Not only is there a tendency for Wilber to ignore or misread collective injunctions for spiritual development, he also fails to discuss the collective validation of the subsequent experiences that flow from practicing those instructions. Validation of the mystical experience by the Eye of Spirit is a collective as well as a private affair. Because he sees all teachings in this area as basically concerning the interior of the individual, he sees all validation as needing to come from another, a master, guru, or roshi, someone who has attained an appropriate level of consciousness to confirm or deny the experience. I have no argument with teachers confirming or denying experiences, but it is not true that all validation of spiritual attainment comes from this source. Does not the sangha, the spiritual community, itself play a central role in testing the experience or otherwise of its members. And isn't the spiritual community in its realist sense "the myriad things" that make up this mysterious world in which we live. Isn't there a case for saying that the presence of the One in the Many confirms the reality of an individual's awareness through the reality testing of family and sangha life, political and insitutional life and finally through our treatment of the many beings with which we share this small planet.

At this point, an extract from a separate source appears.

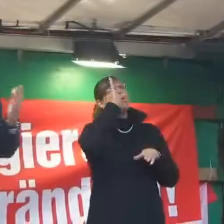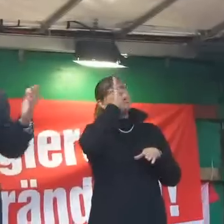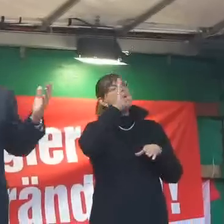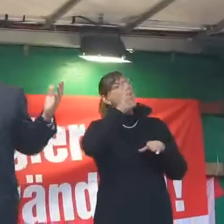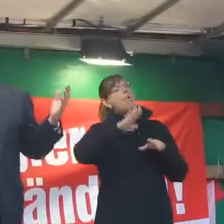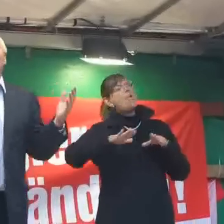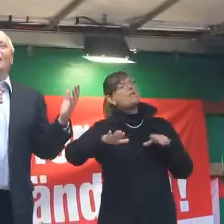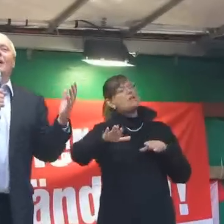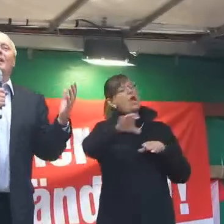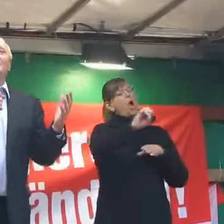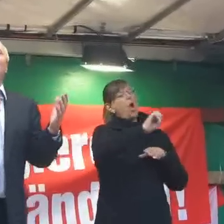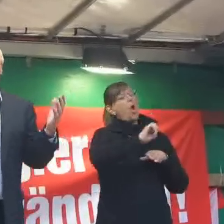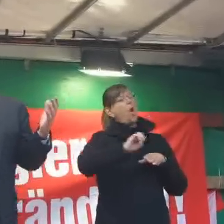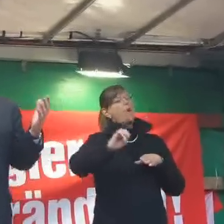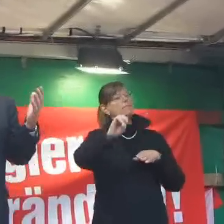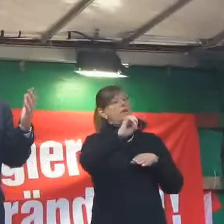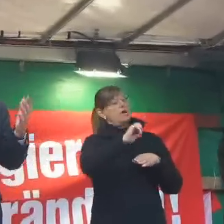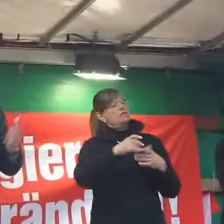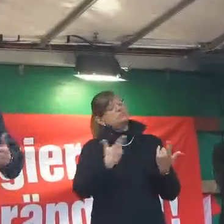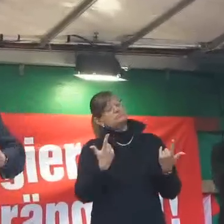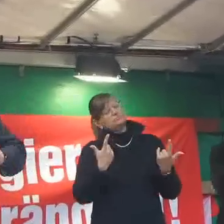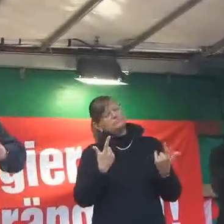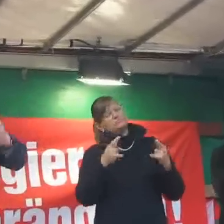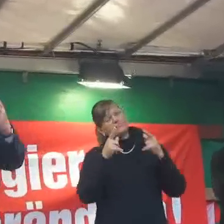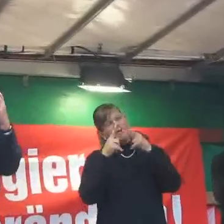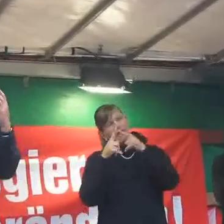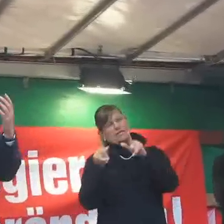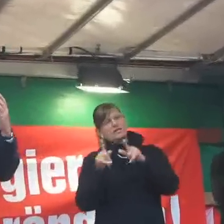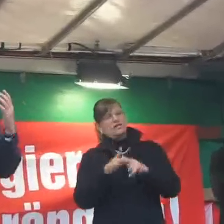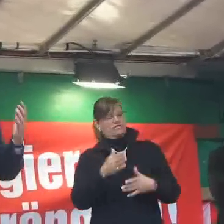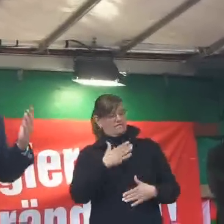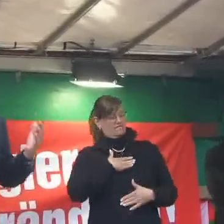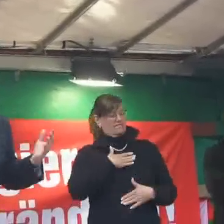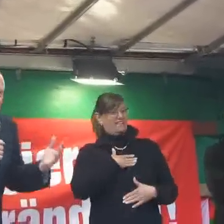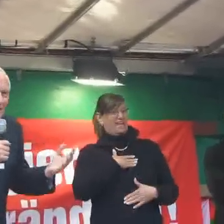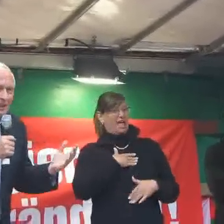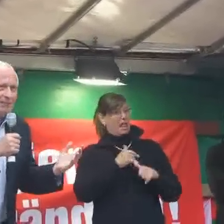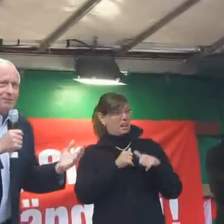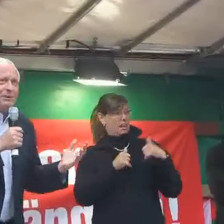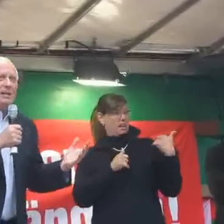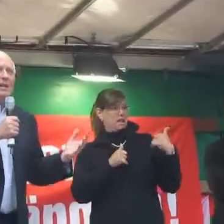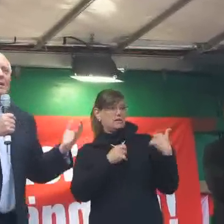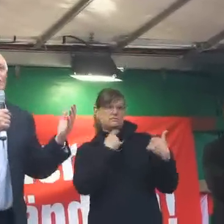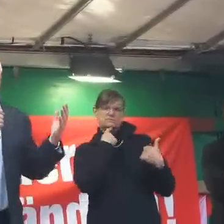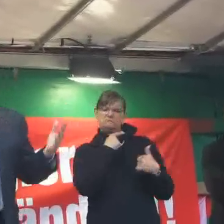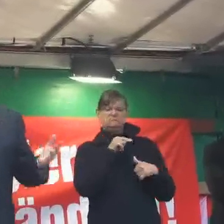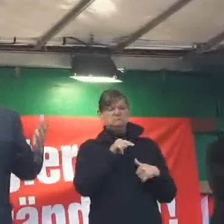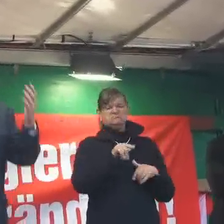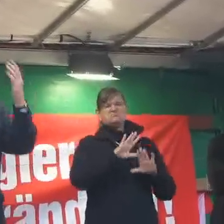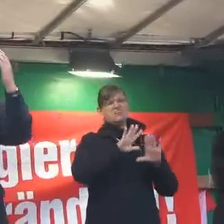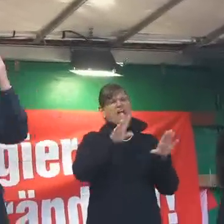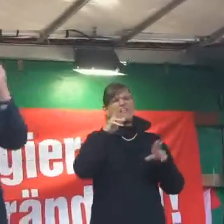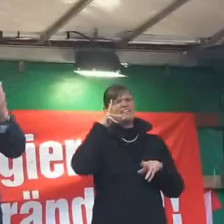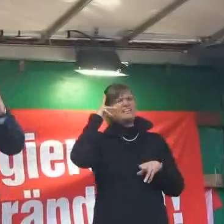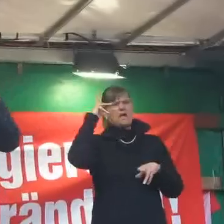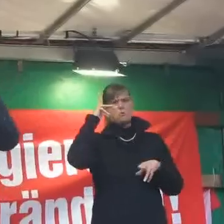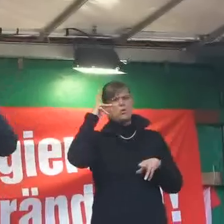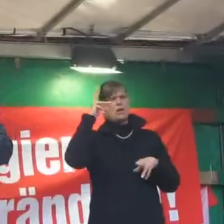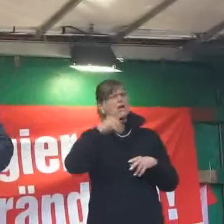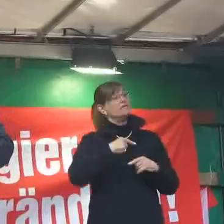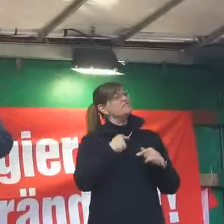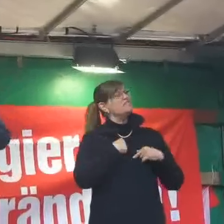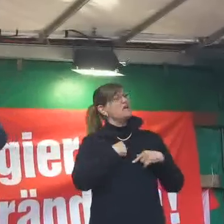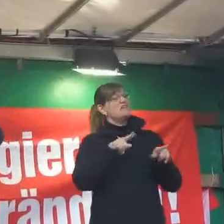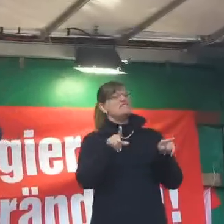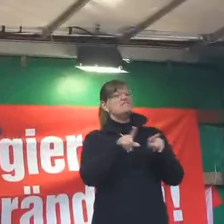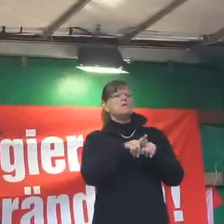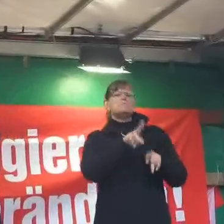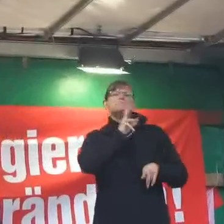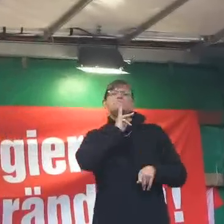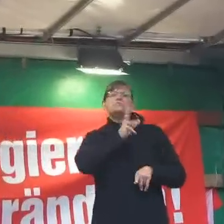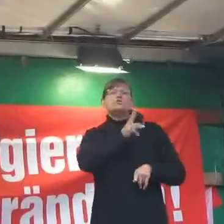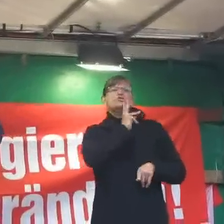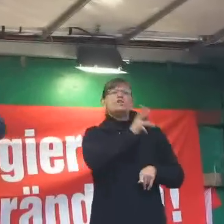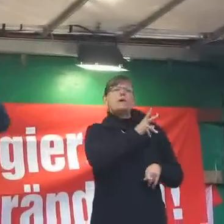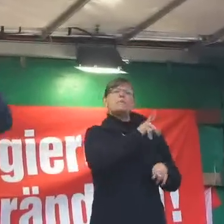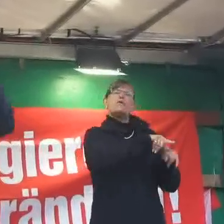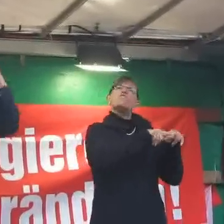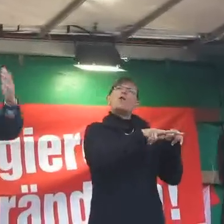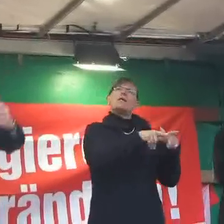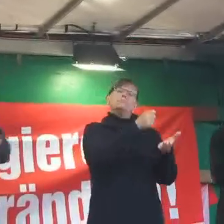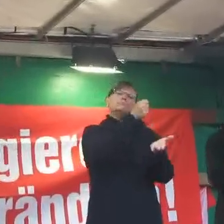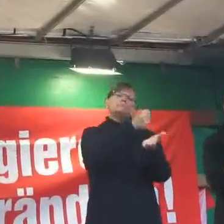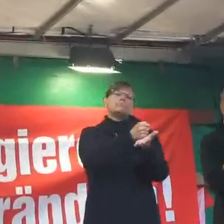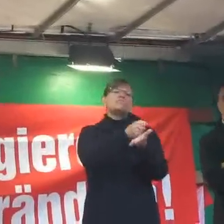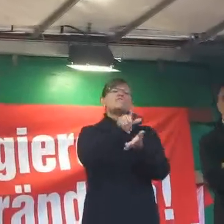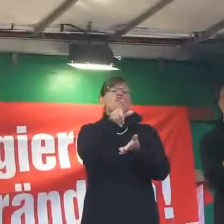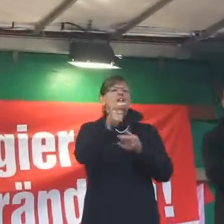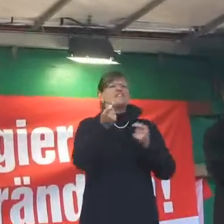Wir, die Linke, wir reden davon, dass wir nicht in einer Demokratie leben, sondern in der Diktatur der Finanzmärkte. Und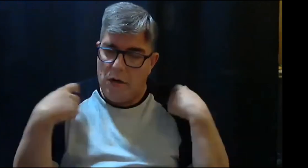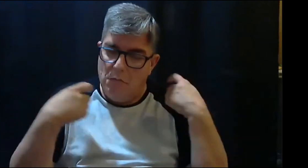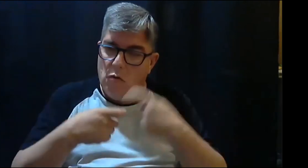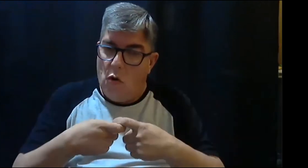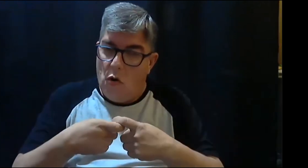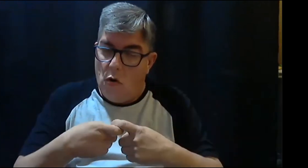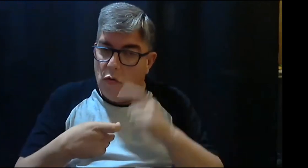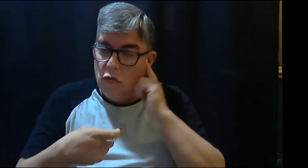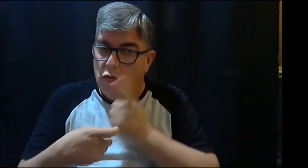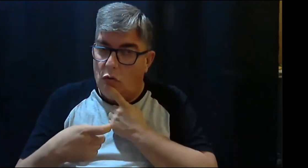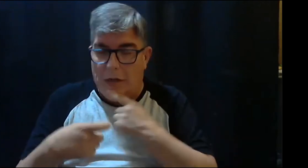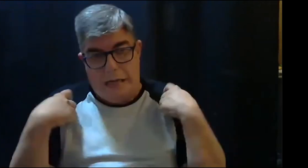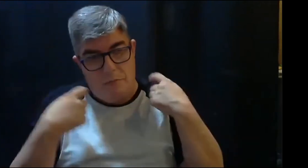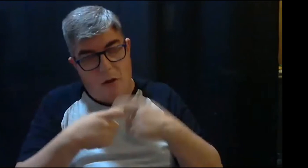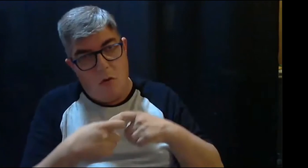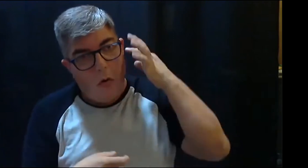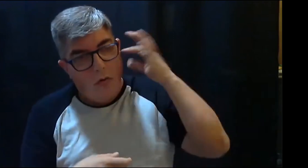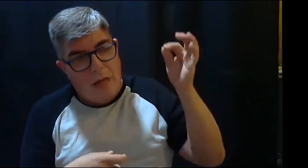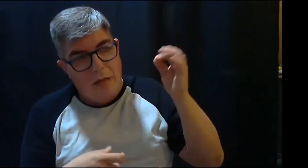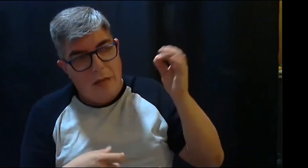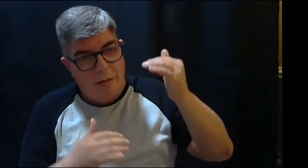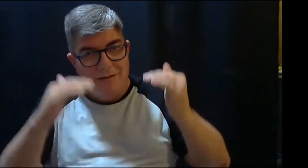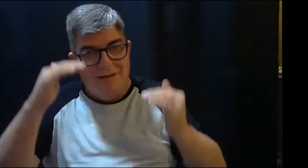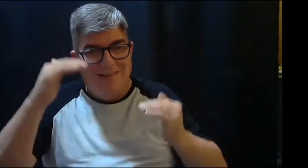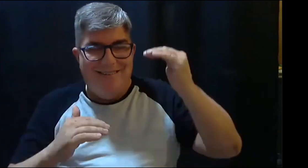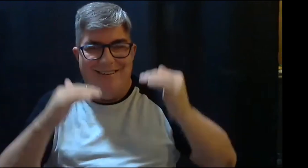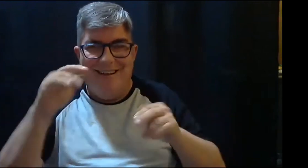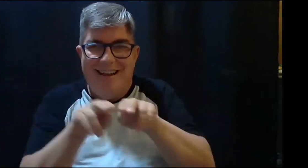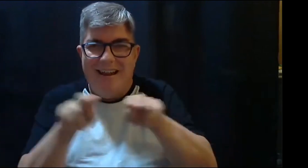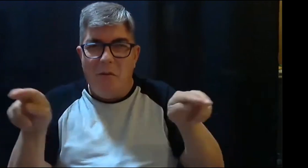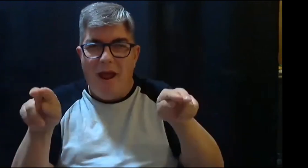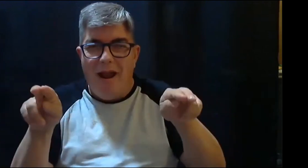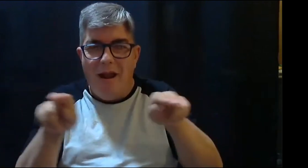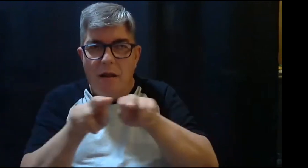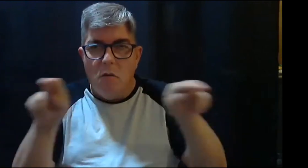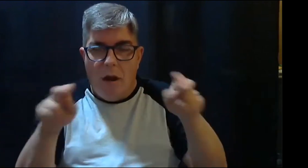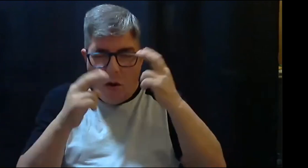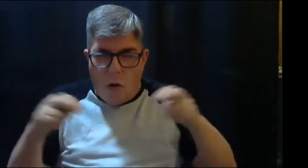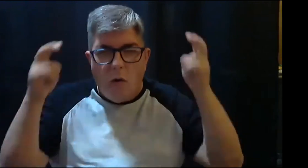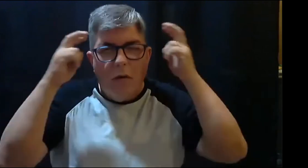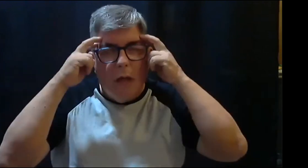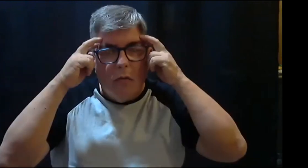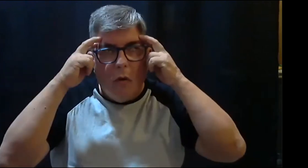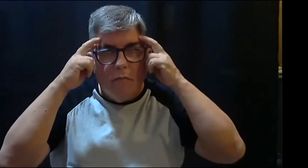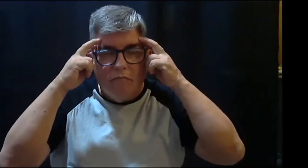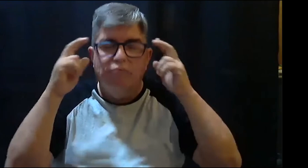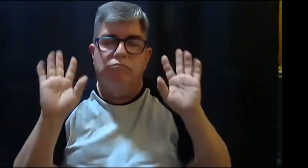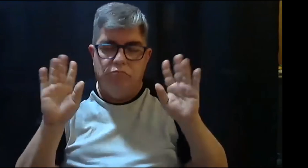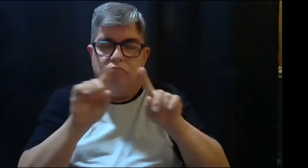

The emphasis for Wilber is on the master/teacher as authenticator and not on the sangha, the spiritual community, as the source of verification. "By their fruits you shall know them", and these words are not directed at the teachers and masters, but at the common followers who will recognise the true spiritual figures amongst them not by their pronouncements about "Spirit is like this" or "Your true nature is like that", but ultimately by how they treat the children of our community, how they live in regard to the marginalised, and how they challenge those social structures that harm us and that limit our ability to recognise the sacred within us and among us.

In Conclusion

Finally, I would like to make the point that these critiques of Ken Wilber's Integral Philosophy are really "pimples on a pumpkin" in that they are minor compared to the great span of his ideas. They are minor but quite pivotal criticisms in that a lot hangs on them. Real balance in spiritual practice is so important. I feel that these problems in Wilber's writings are partly errors of omission due to lack of time to fill out the details, but also partly systematic errors that rise out of an anachronistic bias to individualist perspectives. The lack of a social extrapolation to several parts of his current four-quadrants model is quite understandable given that those four quadrants are expected to cover the entire range of all human cultural knowledge. Nonetheless, I feel that if these gaps are plugged with some elements of the above arguments, then the whole Wilberian thing will have that bit more explanatory power. It will make just that bit more sense. It already makes a hell of a lot of sense to me, but then every bit counts.